Kalp kapak kusurları ve kalp kası problemleri gibi en yaygın kardiyak semptomlar nedeniyle, yaşam beklentisi normalden biraz kısıtlıya kadar değişmektedir. Maroteaux-Lamy sendromu (MPS VI), neden olan gen kusuru X kromozomunda olmadığı için otozomal resesif bir şekilde kalıtımla geçen mukopolisakkaridozlardan biridir. Hastalık, 455.000 doğumda bir vaka ile çok nadirdir. Bilinen hafif ve şiddetli formları vardır.
Semptomlar karaciğer ve dalak büyümesi, karpal tünel sendromu ve kalp kapakçıklarındaki değişikliklerdir. Niemann-Pick B, lizozomal depo hastalıklarından biri olan ve kromozom 11'deki genetik bir kusurdan kaynaklanan bir sfingomiyelin lipidozudur. Hastalığın B tipi esas olarak karaciğeri ve dalağı etkilerken, A tipi ayrıca önemli nöron problemlerine sahiptir.
İlaçlarınızı burada bulabilirsiniz
➔ Ağrı kesici ilaçlarRiskler, yan etkiler ve tehlikeler
Enzim replasman tedavisi ile tedavi edilebilen lizozomal depo hastalıklarının birçoğu, buna uygun olarak artan bir ölüm oranıyla şiddetli bir seyir izlediğinden, ERT'deki en büyük risk, seçilen replasman enziminin çalışmaması veya çok zayıf çalışmasıdır.

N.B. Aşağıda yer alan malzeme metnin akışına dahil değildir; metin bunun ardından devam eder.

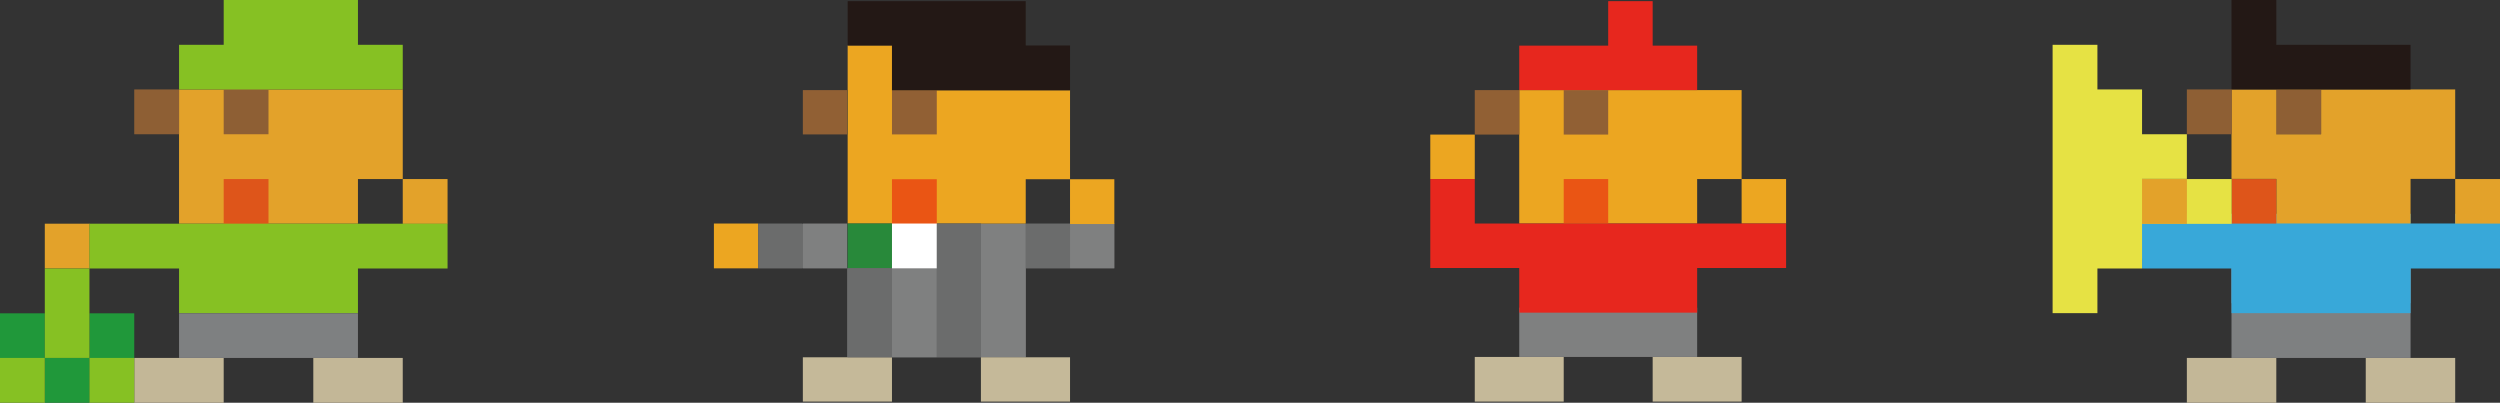 <svg xmlns="http://www.w3.org/2000/svg" viewBox="0 0 151.21 24.36"><rect x="0" y="0" width="151.21" height="24.36" fill="#333333" stroke="none"/><defs><style>.a{fill:#e3a22a;}.b{fill:#de551a;}.c{fill:#c3b797;}.d{fill:#20983a;}.e{fill:#8e5f34;}.f{fill:#86c123;}.g{fill:#7e8081;}.h{fill:#6b6c6c;}.i{fill:#7f8080;}.j{fill:#eca621;}.k{fill:#ea5514;}.l{fill:#c5b999;}.m{fill:#28893a;}.n{fill:#916034;}.o{fill:#fff;}.p{fill:#231815;}.q{fill:#e7271e;}.r{fill:#38a8d9;}.s{fill:#e6e244;}</style></defs><polygon class="a" points="24.36 8.12 24.36 5.41 21.65 5.41 20.3 5.41 18.95 5.41 17.59 5.41 16.24 5.41 13.53 5.41 10.83 5.41 10.83 8.12 10.83 10.83 10.83 13.53 13.53 13.53 16.24 13.53 18.95 13.53 21.65 13.53 21.65 10.83 23 10.83 24.36 10.83 24.36 8.12"/><rect class="a" x="2.71" y="13.53" width="2.71" height="2.71"/><rect class="a" x="24.36" y="10.83" width="2.71" height="2.71"/><rect class="b" x="13.53" y="10.83" width="2.71" height="2.71"/><polygon class="c" points="21.65 21.65 18.95 21.65 18.95 24.36 21.65 24.36 24.36 24.36 24.36 21.65 21.65 21.65"/><polygon class="c" points="8.12 21.65 8.12 24.36 10.83 24.36 13.53 24.36 13.53 21.65 10.83 21.65 8.12 21.65"/><rect class="d" y="18.95" width="2.71" height="2.71"/><rect class="d" x="2.71" y="21.65" width="2.71" height="2.71"/><rect class="d" x="5.41" y="18.95" width="2.71" height="2.71"/><rect class="e" x="8.12" y="5.41" width="2.71" height="2.71"/><rect class="e" x="13.53" y="5.41" width="2.71" height="2.71"/><polygon class="f" points="16.24 5.41 18.95 5.41 21.65 5.41 24.36 5.41 24.36 2.71 21.65 2.71 21.65 0 18.95 0 16.24 0 13.53 0 13.53 2.71 10.83 2.71 10.83 5.41 13.53 5.41 16.24 5.41"/><polygon class="f" points="24.36 13.53 24.36 13.53 21.65 13.53 18.95 13.53 16.24 13.53 16.24 13.53 13.53 13.53 13.53 13.53 10.83 13.53 8.12 13.53 8.12 13.53 5.41 13.53 5.41 16.24 8.12 16.24 8.12 16.24 10.83 16.24 10.83 18.95 13.53 18.95 16.24 18.95 18.95 18.95 21.65 18.95 21.65 16.24 24.36 16.24 24.36 16.24 27.07 16.24 27.07 13.53 24.36 13.53"/><polygon class="f" points="2.71 18.95 2.71 21.65 0 21.65 0 24.36 2.71 24.36 2.71 21.65 5.41 21.65 5.41 24.36 8.12 24.36 8.12 21.65 5.41 21.65 5.41 18.95 5.41 16.24 2.71 16.24 2.71 18.95"/><polygon class="g" points="16.24 18.95 13.53 18.95 10.83 18.95 10.83 21.65 13.53 21.65 16.24 21.65 18.95 21.65 21.65 21.65 21.65 18.95 18.95 18.95 16.24 18.95"/><polygon class="h" points="48.56 13.55 45.89 13.55 45.89 16.22 48.56 16.22 51.24 16.22 51.24 13.55 48.56 13.55"/><polygon class="h" points="64.72 13.55 62.04 13.55 59.33 13.55 56.66 13.55 56.66 16.22 53.95 16.22 51.24 16.22 51.24 18.9 51.24 21.61 53.95 21.61 56.66 21.61 59.33 21.61 62.04 21.61 62.04 18.9 62.04 16.22 64.72 16.22 67.39 16.22 67.39 13.55 64.72 13.55"/><rect class="i" x="48.56" y="13.52" width="2.68" height="2.71"/><rect class="i" x="64.72" y="13.52" width="2.68" height="2.71"/><polygon class="i" points="53.95 18.9 53.95 21.61 56.66 21.61 56.66 18.9 56.66 16.22 53.95 16.22 53.95 18.9"/><polygon class="i" points="59.33 16.22 59.33 18.9 59.33 21.61 62.04 21.61 62.04 18.9 62.04 16.22 62.04 13.52 59.33 13.52 59.33 16.22"/><polygon class="j" points="64.72 8.13 64.72 5.46 62.04 5.46 60.67 5.46 59.33 5.46 57.99 5.46 56.66 5.46 53.95 5.46 53.95 2.75 51.27 2.75 51.27 5.46 51.27 5.46 51.27 8.13 51.27 10.84 51.27 13.52 53.95 13.52 56.66 13.52 59.33 13.52 62.04 13.52 62.04 10.84 63.38 10.84 64.72 10.84 64.72 8.13"/><rect class="j" x="43.18" y="13.52" width="2.68" height="2.71"/><rect class="j" x="64.72" y="10.84" width="2.68" height="2.71"/><rect class="k" x="53.95" y="10.84" width="2.71" height="2.71"/><polygon class="l" points="62.04 21.61 59.33 21.61 59.33 24.29 62.04 24.29 64.72 24.29 64.72 21.61 62.04 21.61"/><polygon class="l" points="48.56 21.61 48.56 24.29 51.27 24.29 53.95 24.29 53.95 21.61 51.27 21.61 48.56 21.61"/><rect class="m" x="51.27" y="13.52" width="2.68" height="2.71"/><rect class="h" x="62.04" y="13.52" width="2.68" height="2.71"/><rect class="h" x="45.86" y="13.52" width="2.68" height="2.71"/><polygon class="h" points="51.27 18.9 51.27 21.61 53.95 21.61 53.95 18.9 53.95 16.22 51.27 16.22 51.27 18.9"/><polygon class="h" points="56.66 16.22 56.66 18.9 56.66 21.61 59.33 21.61 59.33 18.9 59.33 16.22 59.33 13.52 56.66 13.52 56.66 16.22"/><rect class="n" x="48.56" y="5.45" width="2.68" height="2.68"/><rect class="n" x="53.95" y="5.45" width="2.71" height="2.68"/><rect class="o" x="53.95" y="13.52" width="2.71" height="2.71"/><polygon class="p" points="62.04 0.07 59.33 0.07 56.66 0.07 53.95 0.07 51.27 0.07 51.27 2.75 53.95 2.75 53.95 5.46 56.66 5.46 59.33 5.46 62.04 5.46 64.72 5.46 64.72 2.75 62.04 2.75 62.04 0.07"/><polygon class="j" points="105.34 5.45 102.65 5.45 101.31 5.45 99.96 5.45 98.62 5.45 97.27 5.45 94.58 5.45 91.89 5.45 91.89 8.14 91.89 10.83 91.89 13.52 94.58 13.52 97.27 13.52 99.96 13.52 102.65 13.52 102.65 10.83 104 10.83 105.34 10.83 105.34 8.14 105.34 5.45"/><rect class="j" x="105.34" y="10.83" width="2.69" height="2.69"/><rect class="k" x="94.58" y="10.83" width="2.69" height="2.69"/><polygon class="l" points="102.65 21.59 99.96 21.59 99.96 24.29 102.65 24.29 105.34 24.29 105.34 21.59 102.65 21.59"/><polygon class="l" points="91.89 21.59 89.2 21.59 89.2 24.29 91.89 24.29 94.58 24.29 94.58 21.59 91.89 21.59"/><rect class="j" x="86.51" y="8.14" width="2.69" height="2.69"/><polygon class="i" points="99.96 18.61 97.27 18.61 94.58 18.61 91.89 18.61 91.89 21.59 94.58 21.59 97.27 21.59 99.96 21.59 102.65 21.59 102.65 18.61 99.96 18.61"/><rect class="n" x="89.2" y="5.45" width="2.69" height="2.69"/><rect class="n" x="94.58" y="5.45" width="2.69" height="2.69"/><polygon class="q" points="99.96 2.76 99.96 0.07 97.27 0.07 97.27 2.76 94.58 2.76 91.89 2.76 91.89 5.45 94.58 5.45 97.27 5.45 99.96 5.45 102.65 5.45 102.65 2.76 99.96 2.76"/><polygon class="q" points="105.34 13.52 102.65 13.52 99.96 13.52 97.27 13.52 94.58 13.52 91.89 13.52 89.2 13.52 89.2 10.83 86.51 10.83 86.51 13.52 86.51 16.21 89.2 16.21 91.89 16.21 91.89 18.91 94.58 18.91 97.27 18.91 99.96 18.91 102.65 18.91 102.65 16.21 105.34 16.21 108.03 16.21 108.03 13.52 105.34 13.52"/><polygon class="r" points="148.5 12.93 148.5 13.53 145.8 13.53 145.8 12.93 143.09 12.93 140.39 12.93 137.68 12.93 134.97 12.93 132.27 12.93 129.56 12.93 129.56 15.64 132.27 15.64 134.97 15.64 134.97 18.34 137.68 18.34 140.39 18.34 143.09 18.34 145.8 18.34 145.8 15.64 148.5 15.64 151.21 15.64 151.21 12.93 148.5 12.93"/><rect class="a" x="137.68" y="5.41" width="2.71" height="2.71"/><polygon class="c" points="145.8 21.65 143.09 21.65 143.09 24.36 145.8 24.36 148.5 24.36 148.5 21.65 145.8 21.65"/><polygon class="c" points="134.97 21.65 132.27 21.65 132.27 24.36 134.97 24.36 137.68 24.36 137.68 21.65 134.97 21.65"/><polyline class="a" points="137.68 10.82 137.68 13.53 140.39 13.53 140.39 13.53 143.09 13.53 145.8 13.53 145.8 10.82 148.5 10.82 148.5 8.12 148.5 5.41 145.8 5.41 144.44 5.41 143.09 5.41 141.74 5.41 140.39 5.41 140.39 8.12 139.03 8.12 137.68 8.12 137.68 5.41 134.97 5.41 134.97 8.12 134.97 10.82 136.33 10.82 137.68 10.82"/><rect class="a" x="148.5" y="10.83" width="2.71" height="2.71"/><polygon class="g" points="143.09 16.24 140.39 16.24 137.68 16.24 134.97 16.24 134.97 21.65 137.68 21.65 140.39 21.65 143.09 21.65 145.8 21.65 145.8 16.24 143.09 16.24"/><rect class="e" x="132.27" y="5.41" width="2.71" height="2.71"/><rect class="e" x="137.68" y="5.41" width="2.71" height="2.71"/><rect class="b" x="134.97" y="10.83" width="2.71" height="2.71"/><rect class="s" x="129.56" y="10.83" width="2.71" height="2.71"/><polygon class="r" points="148.5 13.53 148.5 13.53 145.8 13.53 143.09 13.53 140.39 13.53 137.68 13.53 134.97 13.53 132.27 13.53 132.27 13.53 129.56 13.53 129.56 16.24 132.27 16.24 132.27 16.24 134.97 16.24 134.97 18.94 137.68 18.94 140.39 18.94 143.09 18.94 145.8 18.94 145.8 16.24 148.5 16.24 148.5 16.24 151.21 16.24 151.21 13.53 148.5 13.53"/><rect class="s" x="132.27" y="10.83" width="2.71" height="2.71"/><polygon class="s" points="129.56 8.12 129.56 5.41 126.86 5.41 126.86 2.71 124.15 2.71 124.15 5.41 124.15 10.82 124.15 13.53 124.15 13.53 124.15 16.24 124.15 18.94 126.86 18.94 126.86 16.24 129.56 16.24 129.56 13.53 129.56 13.53 129.56 10.82 132.27 10.82 132.27 8.12 129.56 8.12"/><polygon class="p" points="143.09 2.71 140.39 2.71 137.68 2.71 137.68 0 134.97 0 134.97 2.71 134.97 5.41 137.68 5.41 140.39 5.41 143.09 5.41 145.8 5.41 145.8 2.71 143.09 2.71"/><rect class="a" x="129.56" y="10.83" width="2.71" height="2.71"/></svg>

Diğer bir risk, tedavinin kendisinde, altta yatan hastalığın çok geç tanınması gerçeğinden daha az yatar, böylece ERT seyir sırasında durabilir, ancak zaten neden olunan hasar gerilemez. Tedavi edilen yaklaşık her iki hasta, infüzyonlara ateş ve titreme gibi semptomlarla geçici olarak tepki verir. Bunun nedenleri henüz tam olarak anlaşılmamıştır. Bazı hastalar antikor oluşturarak tepki verir ve hastaların döküntü ve bronkospazm ile reaksiyona girdiği bilinen vakalar vardır.